牧栖白从方才凤尊喊出“司溟君”时就向他看了过来,凤尊正含情脉脉地看着肥猫——至少牧栖白恰好注意到这一幕时,是这样认为的。
出于过分惊悚,他凑到扶声耳边:“我师尊他刚才是不是笑了?”
“确实笑了。”
牧栖白更加惊悚了。
凤尊看了看牧栖白,又看了看扶声,迟疑半晌,道:“你们两个什么时候在一起的?”
扶声:……我们没有在一起啊?”
牧栖白:“师尊,我跟她才认识半日不到!”
“我看你俩挺……亲密的。”凤尊淡淡道,他的灵感向来不错。
若不是眼前这人身上是纯灵之气而并非是魔息,恐怕扶声真的要当他是凌烨了,该死的,这神情,这语气,真他娘的一毛一样!

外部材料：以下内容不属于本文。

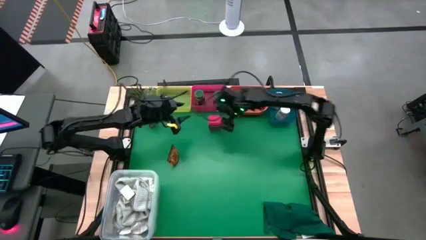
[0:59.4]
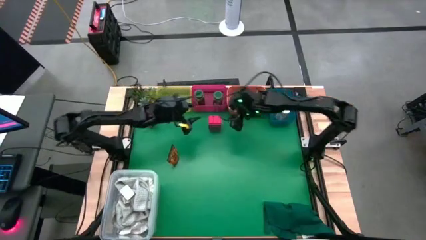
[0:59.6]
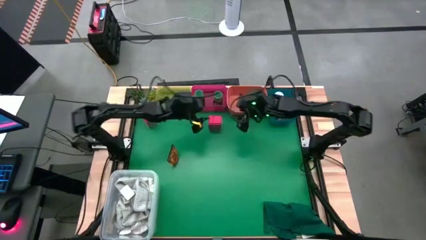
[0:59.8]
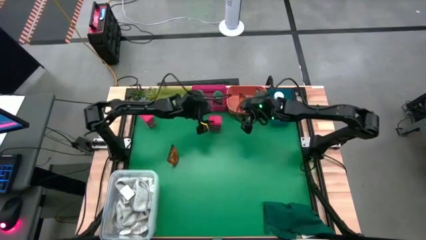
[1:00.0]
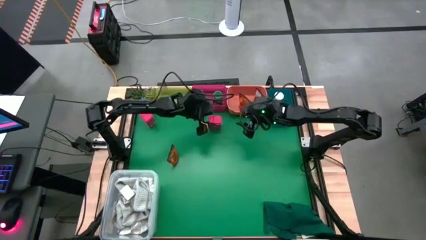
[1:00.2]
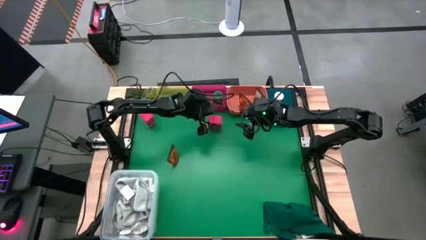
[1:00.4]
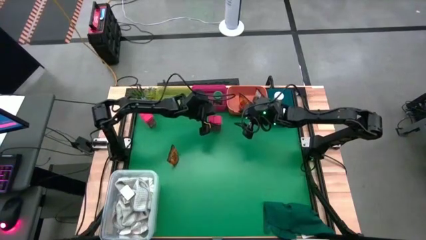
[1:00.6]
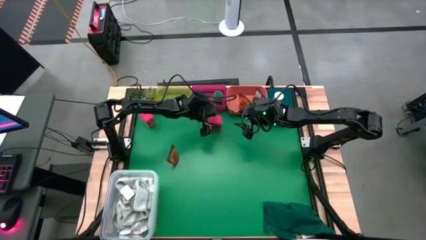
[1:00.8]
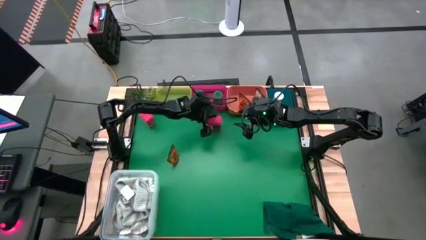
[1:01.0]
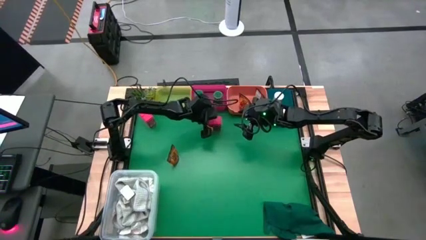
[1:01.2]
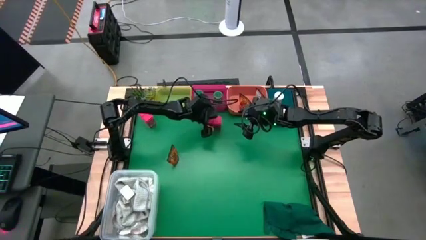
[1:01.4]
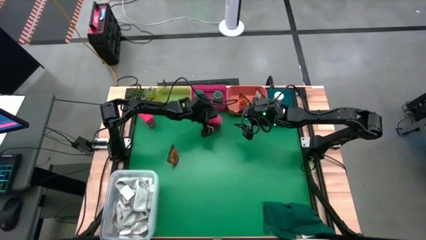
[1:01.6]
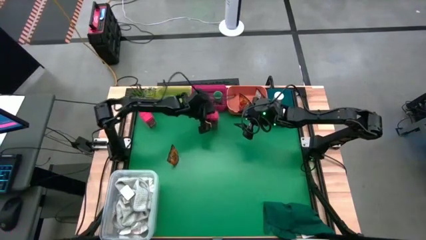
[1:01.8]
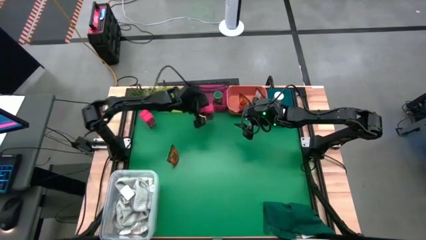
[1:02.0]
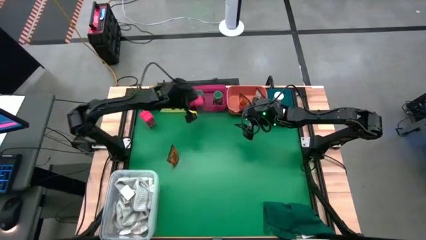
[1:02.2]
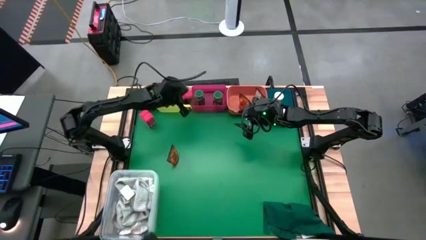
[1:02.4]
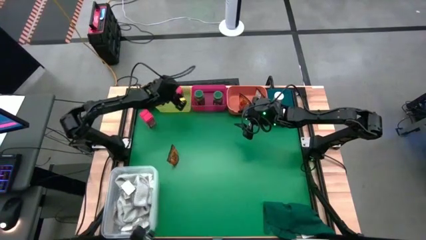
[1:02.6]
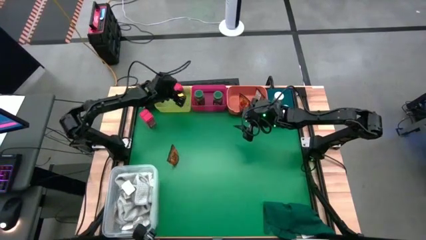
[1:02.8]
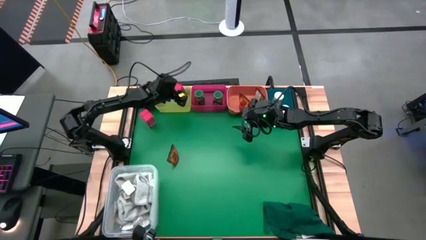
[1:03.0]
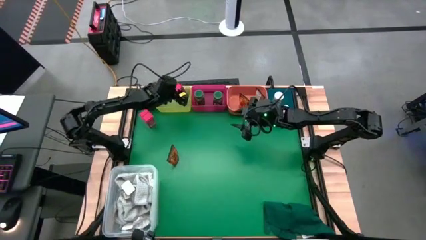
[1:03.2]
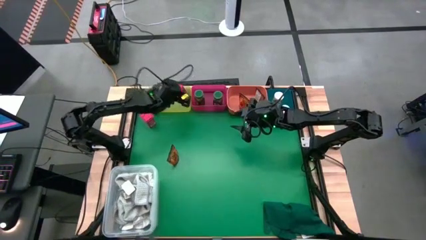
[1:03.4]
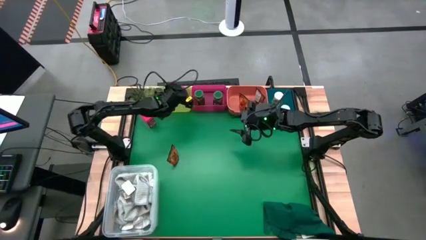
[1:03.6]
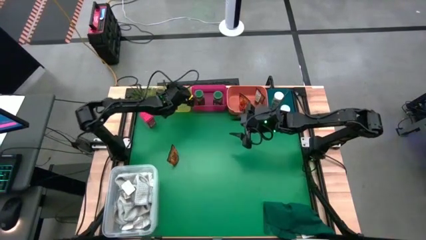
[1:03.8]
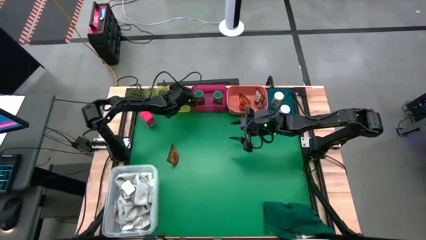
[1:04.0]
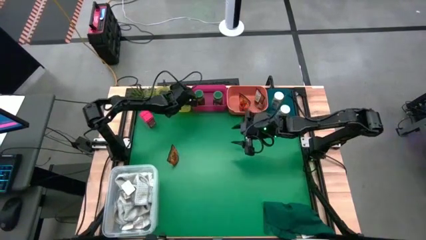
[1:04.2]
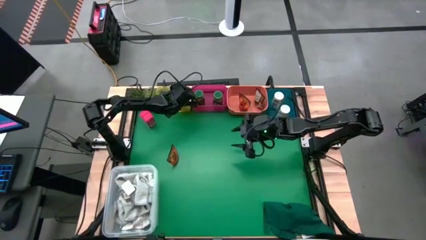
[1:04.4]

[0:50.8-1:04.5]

牧栖白虽然不了解凌烨,但着扶声的表情,也证实了自己的猜想——丫的夫唱夫随!一定是这样的!
扶声面无表情道:“凤尊,你看错了。”
“我觉得我没有看错。”
扶声简直绝望了。凌烨啊凌烨,你看把人家好好的高岭花给弄成什么玩意了!
凤尊道:“扶声公主,凌烨魔尊现下并不在我宗门,你接下来有什么打算?”
“打算嘛?能否让我留下几日?”扶声眨巴着水灵灵的眼眸。
凤尊有些犹豫,更多的也是有所顾虑。虽说归王宗爱屋及乌与魔界交好,但若是让其他仙门世家知道,不免又是一柱勾结魔界的大罪,更何况扶声一个公主。
魔界现存的唯一血脉。
扶声却不想放弃,继续攻他的底线:“凤尊大哥,你看啊,魔界与上修界相隔甚远,我好不容易才来到这里,那四个长老于我而言又时刻都是个威胁,说不定哪天我我就被他废灵脉,抹脖子了,您是与不是?”
见凤尊有所动摇,扶声更加来劲:“再说了,您不也看见牧栖……白哥哥与我的关系了吗,我想您也不会是棒打鸳……鸳鸭的人吧?这凡人常说啊,有朋自远方来……”
“虽远必诛。”牧栖白本来已经被扶声的那句“栖白哥哥”给取乐了,心愉甚是愉悦,乍一听见这句熟悉的话,毫不犹豫地接上了。
看见扶声黑得能滴水的脸色,牧栖白才堪堪咽下口水:“不……不好意思啊,我说惯了。”
说惯了。
那又是,诛了多少人?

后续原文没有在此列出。